> _Data supplied_
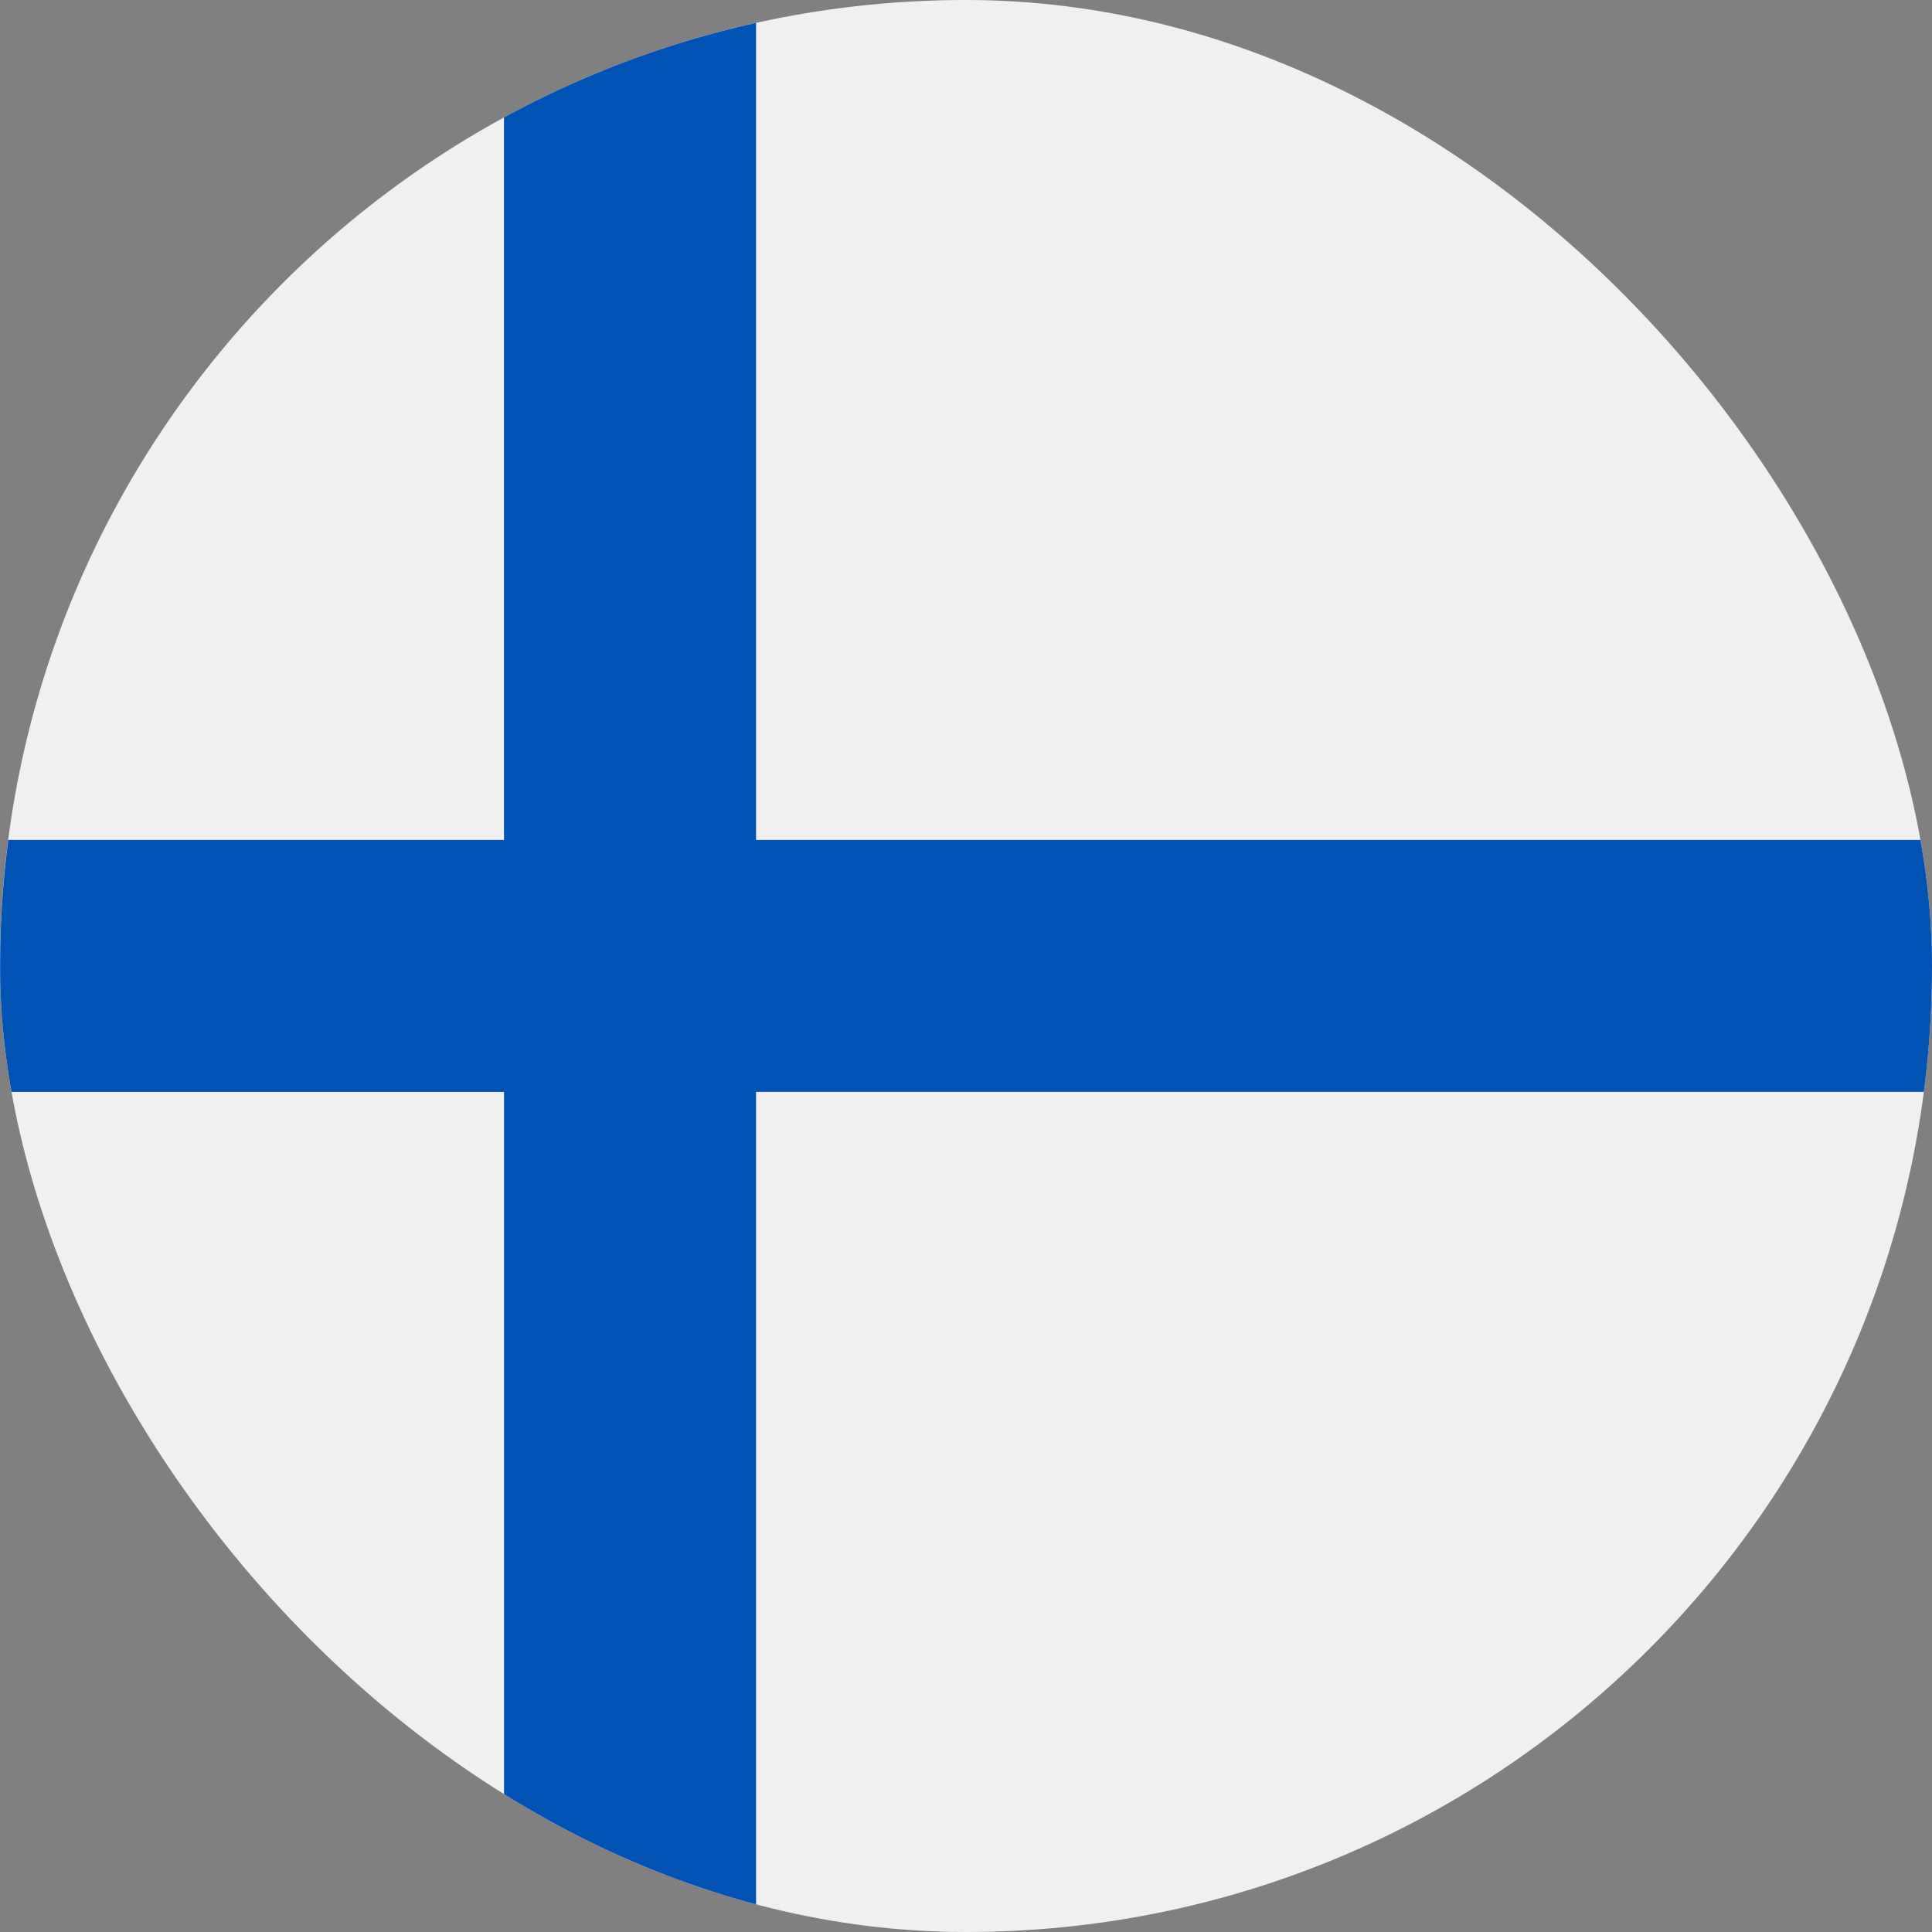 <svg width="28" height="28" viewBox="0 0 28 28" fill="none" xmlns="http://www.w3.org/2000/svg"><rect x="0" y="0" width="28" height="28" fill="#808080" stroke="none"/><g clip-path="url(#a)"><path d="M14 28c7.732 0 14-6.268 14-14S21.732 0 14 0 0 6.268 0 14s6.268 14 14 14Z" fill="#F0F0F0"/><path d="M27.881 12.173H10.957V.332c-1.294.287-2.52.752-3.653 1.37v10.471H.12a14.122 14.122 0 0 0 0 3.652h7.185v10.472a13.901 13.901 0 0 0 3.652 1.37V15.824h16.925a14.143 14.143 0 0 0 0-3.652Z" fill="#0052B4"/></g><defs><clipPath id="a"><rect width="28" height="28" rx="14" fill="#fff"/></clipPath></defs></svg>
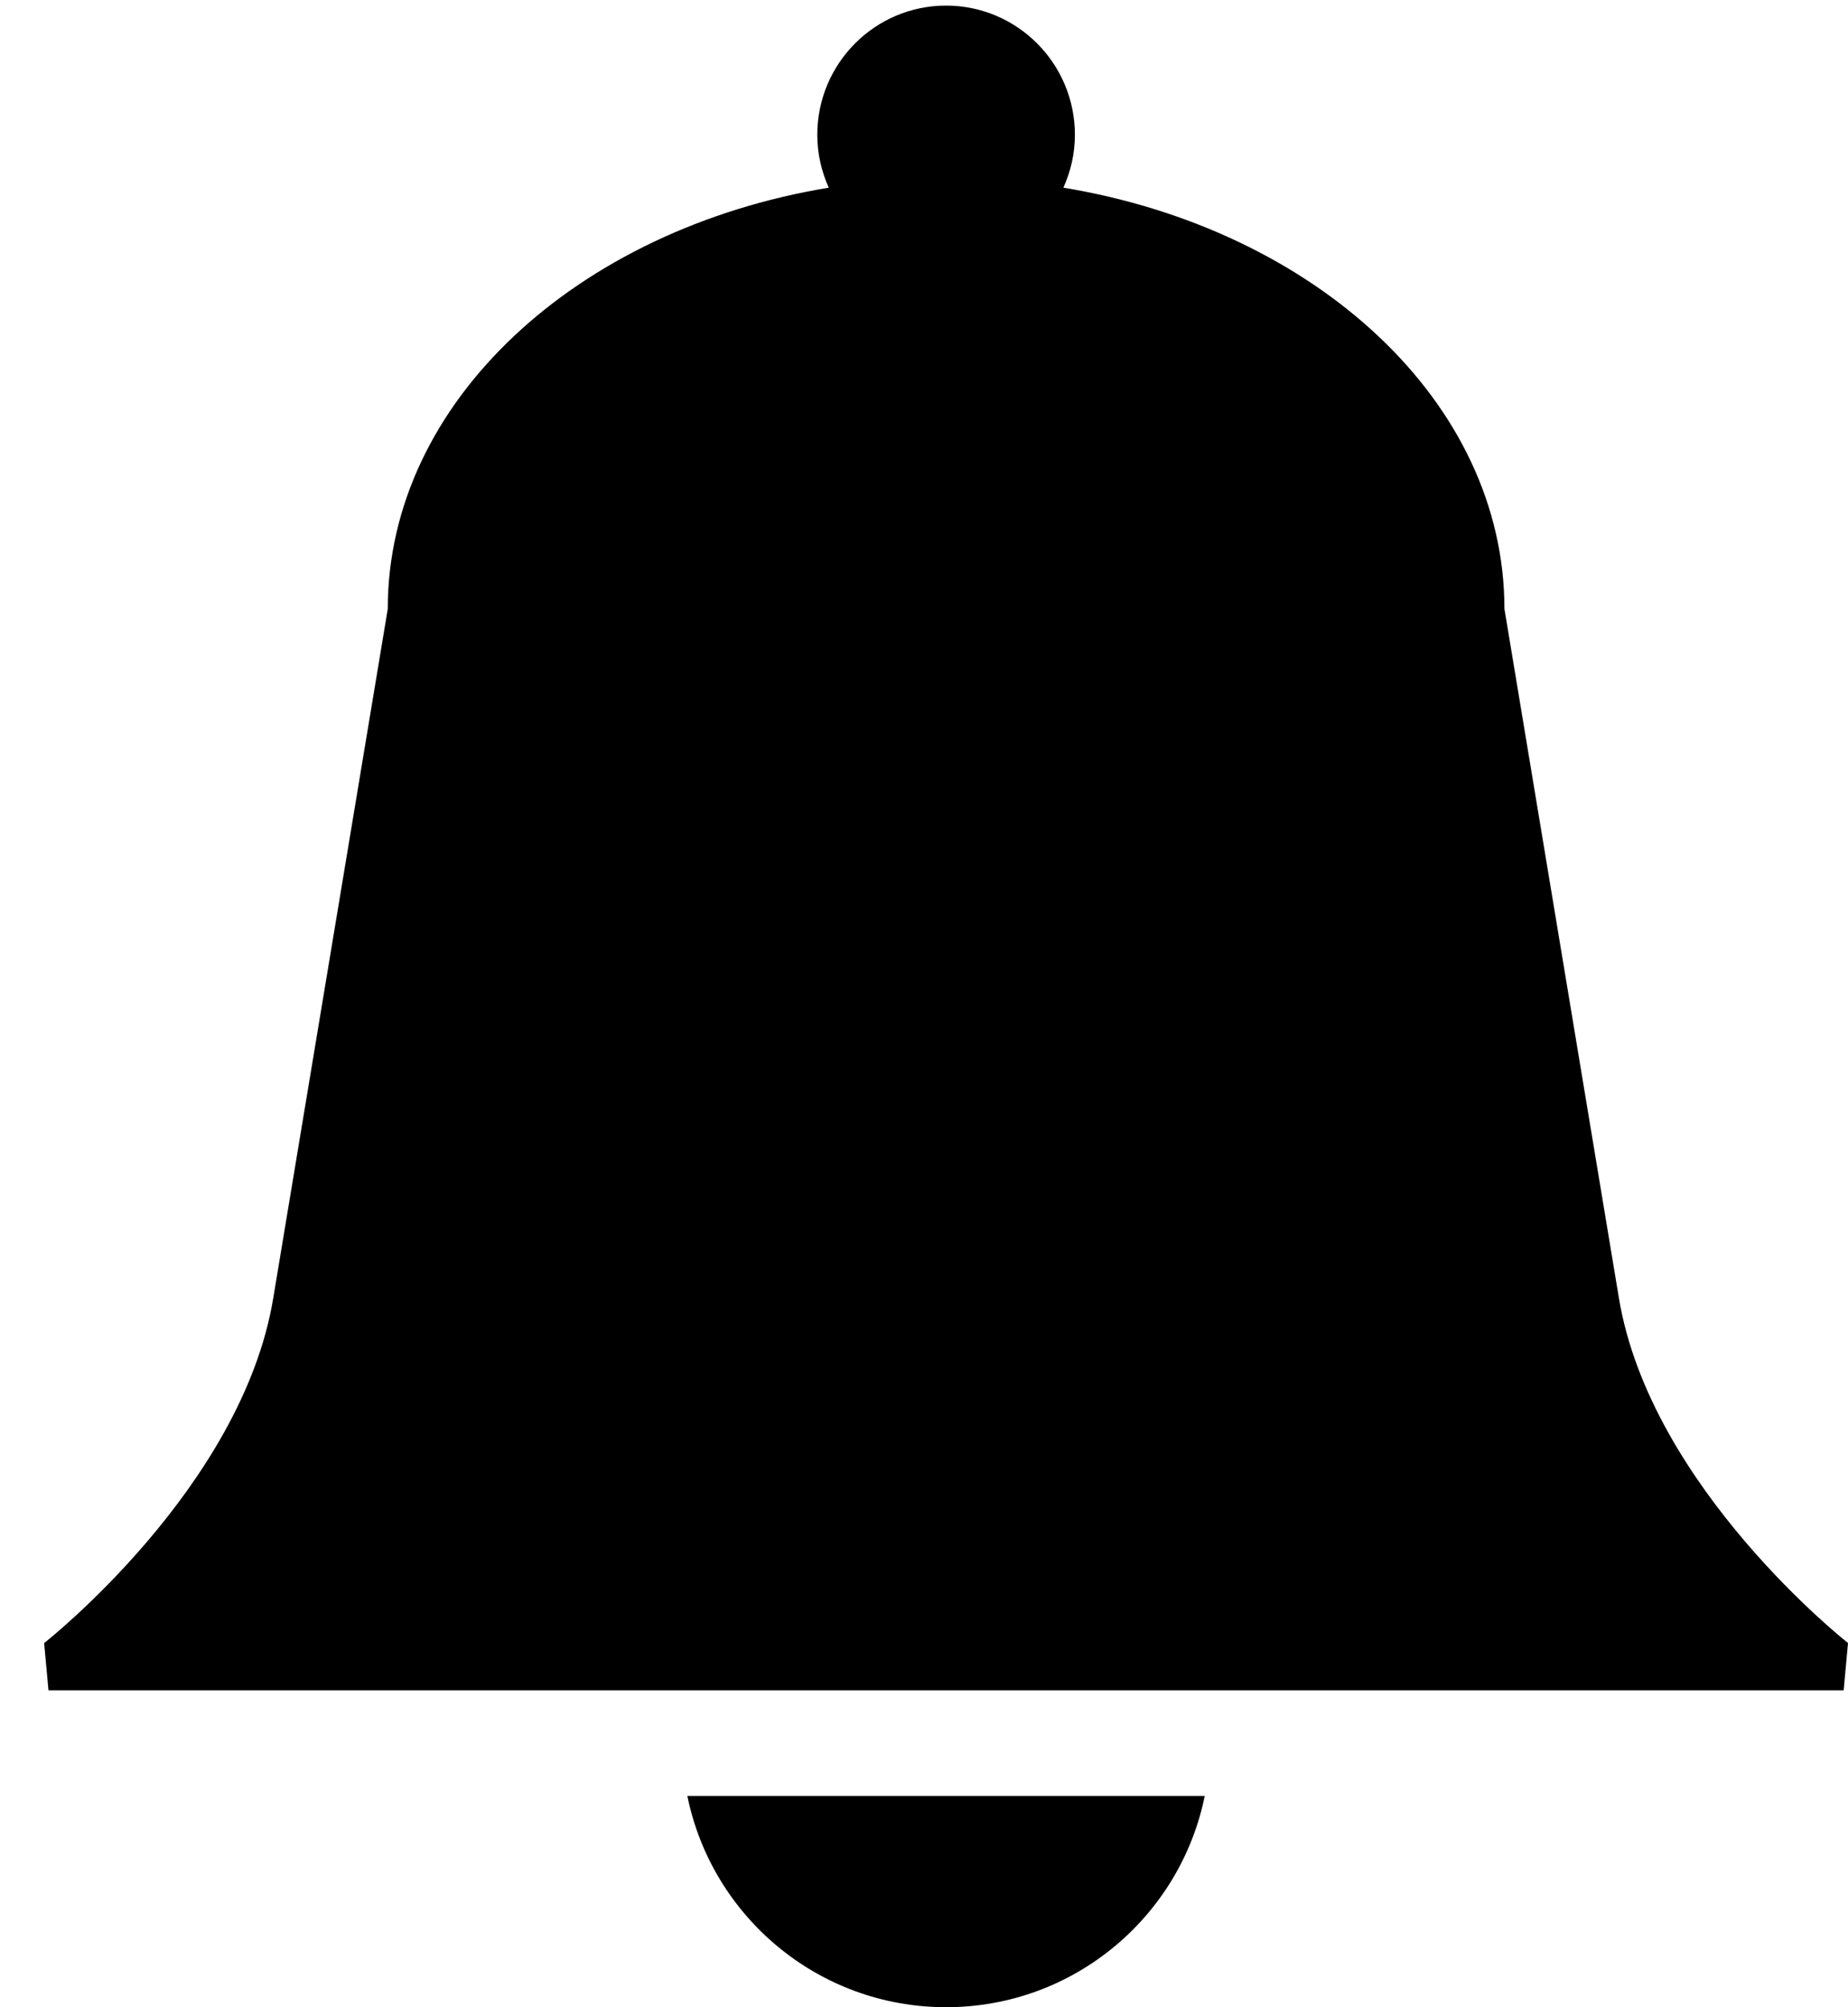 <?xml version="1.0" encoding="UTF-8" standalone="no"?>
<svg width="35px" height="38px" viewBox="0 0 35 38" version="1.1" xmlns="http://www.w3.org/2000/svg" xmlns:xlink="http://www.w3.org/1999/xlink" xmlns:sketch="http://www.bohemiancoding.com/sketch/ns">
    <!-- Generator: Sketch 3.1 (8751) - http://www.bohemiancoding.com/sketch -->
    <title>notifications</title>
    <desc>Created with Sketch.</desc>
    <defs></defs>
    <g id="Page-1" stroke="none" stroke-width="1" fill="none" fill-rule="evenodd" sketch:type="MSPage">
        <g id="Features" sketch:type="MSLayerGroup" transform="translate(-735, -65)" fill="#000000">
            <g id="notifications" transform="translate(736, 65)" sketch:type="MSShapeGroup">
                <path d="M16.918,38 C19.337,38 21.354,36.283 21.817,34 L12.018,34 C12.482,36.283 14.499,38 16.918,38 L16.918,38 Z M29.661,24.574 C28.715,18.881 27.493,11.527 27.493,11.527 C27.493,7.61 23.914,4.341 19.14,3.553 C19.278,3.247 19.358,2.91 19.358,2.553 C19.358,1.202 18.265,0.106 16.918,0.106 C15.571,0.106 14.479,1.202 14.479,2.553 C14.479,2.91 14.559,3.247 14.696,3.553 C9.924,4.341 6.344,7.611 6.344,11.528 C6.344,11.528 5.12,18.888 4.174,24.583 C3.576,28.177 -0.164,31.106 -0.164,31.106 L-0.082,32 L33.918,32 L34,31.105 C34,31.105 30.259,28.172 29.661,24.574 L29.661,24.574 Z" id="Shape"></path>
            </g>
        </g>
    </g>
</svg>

> _About this exercise_
Copy word for word every line from the start of the material through the line holding "<defs></defs>". The pictures are not part of the copy.

> _Finished task_
 <svg width="28" height="28" viewBox="0 0 28 28" fill="none" xmlns="http://www.w3.org/2000/svg"><rect x="0" y="0" width="28" height="28" fill="#808080" stroke="none"/><g clip-path="url(#a)"><path d="M14 28c7.732 0 14-6.268 14-14S21.732 0 14 0 0 6.268 0 14s6.268 14 14 14Z" fill="#F0F0F0"/><path d="M27.881 12.173H10.957V.332c-1.294.287-2.52.752-3.653 1.37v10.471H.12a14.122 14.122 0 0 0 0 3.652h7.185v10.472a13.901 13.901 0 0 0 3.652 1.37V15.824h16.925a14.143 14.143 0 0 0 0-3.652Z" fill="#0052B4"/></g><defs><clipPath id="a"><rect width="28" height="28" rx="14" fill="#fff"/></clipPath></defs></svg>
 <?xml version="1.0" encoding="UTF-8" standalone="no"?>
<svg width="35px" height="38px" viewBox="0 0 35 38" version="1.1" xmlns="http://www.w3.org/2000/svg" xmlns:xlink="http://www.w3.org/1999/xlink" xmlns:sketch="http://www.bohemiancoding.com/sketch/ns">
    <!-- Generator: Sketch 3.1 (8751) - http://www.bohemiancoding.com/sketch -->
    <title>notifications</title>
    <desc>Created with Sketch.</desc>
    <defs></defs>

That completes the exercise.